Critical UNISOC T612 Modem Flaw Enables RCE via Cellular Calls

Critical UNISOC T612 Modem Flaw Enables RCE via Cellular Calls
Critical UNISOC T612 Modem Flaw Enables RCE via Cellular Calls
A critical memory-corruption flaw in UNISOC’s T612 modem family allows remote code execution (RCE) on vulnerable Android devices using only a malicious cellular video call, enabling one phone to compromise another over the mobile network layer.

UNISOC, ecosystem impact

UNISOC is a top-three global fabless semiconductor vendor headquartered in Shanghai, supplying 2G–5G, IoT, and smart device chipsets to OEMs such as Honor, realme, vivo, Samsung, and Motorola, with deployments in over 140 countries.

The vulnerable baseband stack ships in popular budget and mid-range Android phones, including the realme C33, significantly amplifying the potential attack surface across emerging markets where UNISOC penetration is highest.

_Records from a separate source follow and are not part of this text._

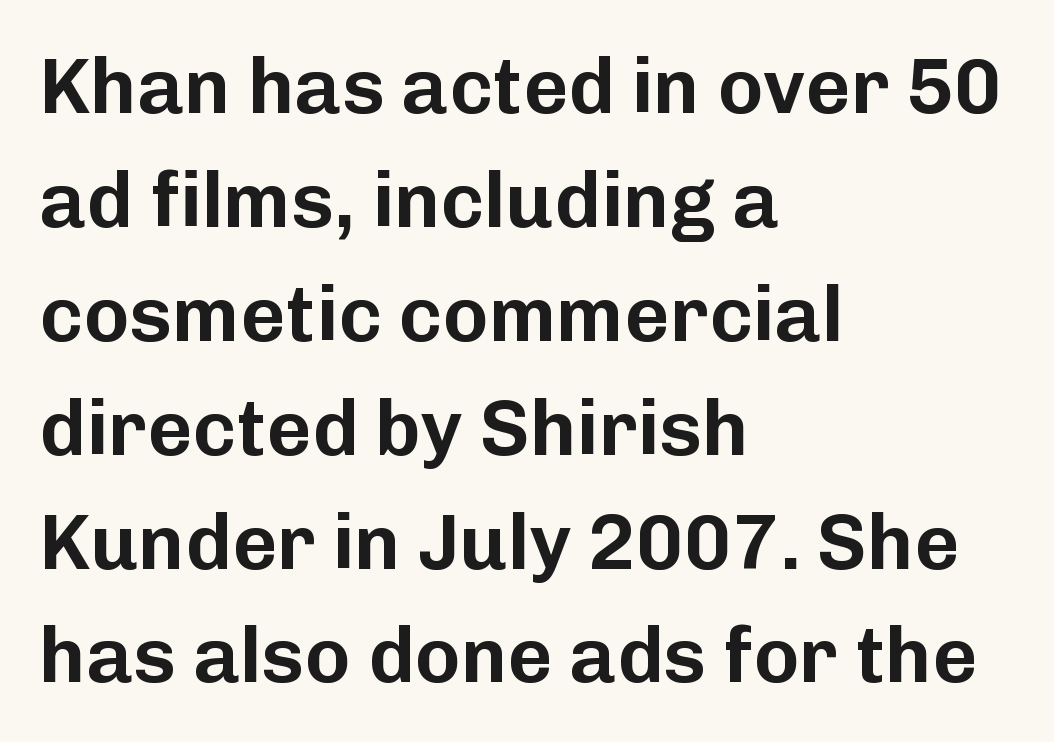
{"serif": "no", "italic": "no", "width": "normal", "stroke_contrast": "low", "x_height": "medium", "monospaced": "no", "underline": "no", "align": "left", "line_spacing": "normal", "line_spacing_ratio": 1.46, "letter_spacing": "normal", "letter_spacing_em": 0.0, "glyph_px": 78}
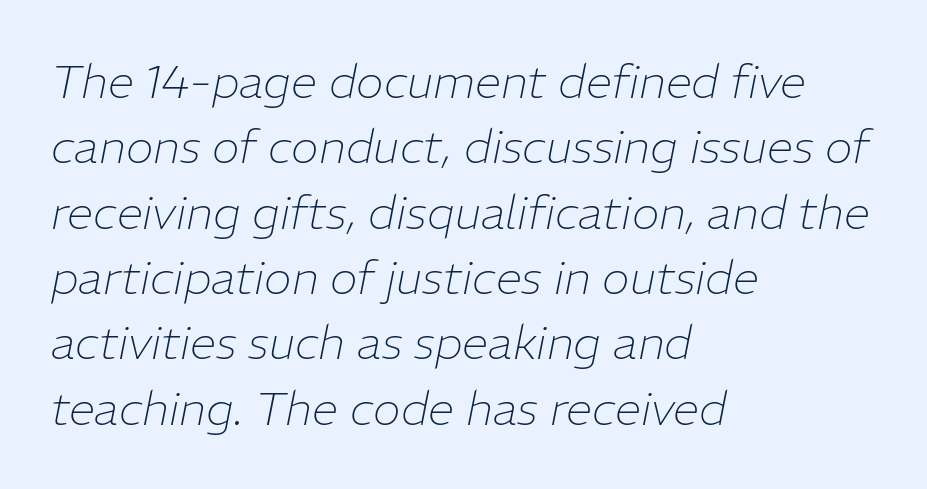
The face used here is rendered with its standard letterfit. Compared with a typical body face, this is equally light or lighter still. Reading down the column, the eye jumps a familiar distance to each next line. A typesetter would mark this as italic.
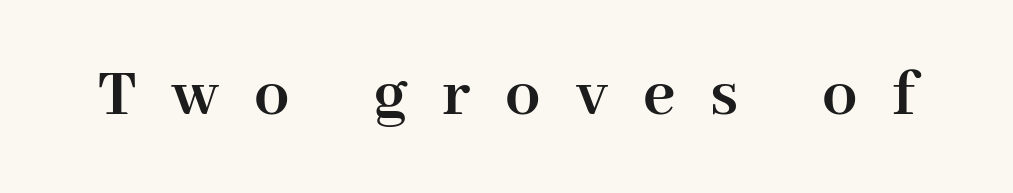
The image shows 70 px semibold serif type, upright; set unusually wide letter spacing (+0.5 em), not underlined; high stroke contrast and a medium x-height.

The flaw lies in the UNISOC modem firmware’s SIP/SDP parsing path, specifically an exploitable Uncontrolled Recursion condition (CWE‑674) in the _SDPDEC_AcapDecoder function that handles the nonstandard acap attribute.

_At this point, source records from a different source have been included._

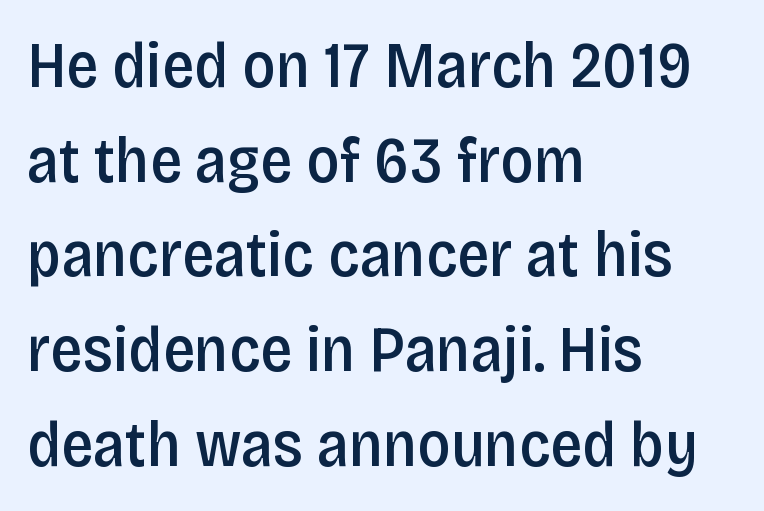
The string is rendered with underlining switched off. The typography opts for an upright posture over an oblique one. Proportional: the letters do not fall into vertical columns. Honestly, the row spacing looks completely unremarkable. Serifs: no, the terminals of the letterforms are clean.
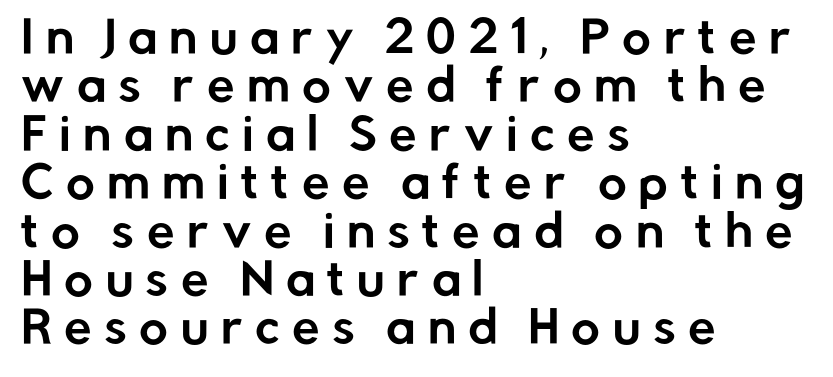
Q: Is the text italic (slanted)? A: No, it is upright.
Q: Is the typeface a serif or a sans-serif typeface? A: Sans-serif.
Q: Is the text underlined? A: No.
Q: How is the paragraph aligned? A: Left-aligned.
Q: Is the spacing between letters normal or unusually wide? A: Unusually wide.
Q: Is the spacing between lines tight, normal or loose? A: Tight.
Q: Width (condensed, normal, or wide)? A: Normal.
Q: Stroke contrast? A: Low.
Q: x-height? A: Medium.
Q: Monospaced? A: No.

After parsing one acap attribute, the function consults the SipHandler_AttrDecoder table and may re-invoke itself for the next attribute without enforcing any recursion or depth limit, allowing attacker-controlled SDP to drive unbounded stack consumption.

By placing many acap attributes on a single SDP line, an attacker can force the SIP task’s stack to collide with the sblock_0_2 task’s stack, causing a stack overflow within the baseband RTOS context.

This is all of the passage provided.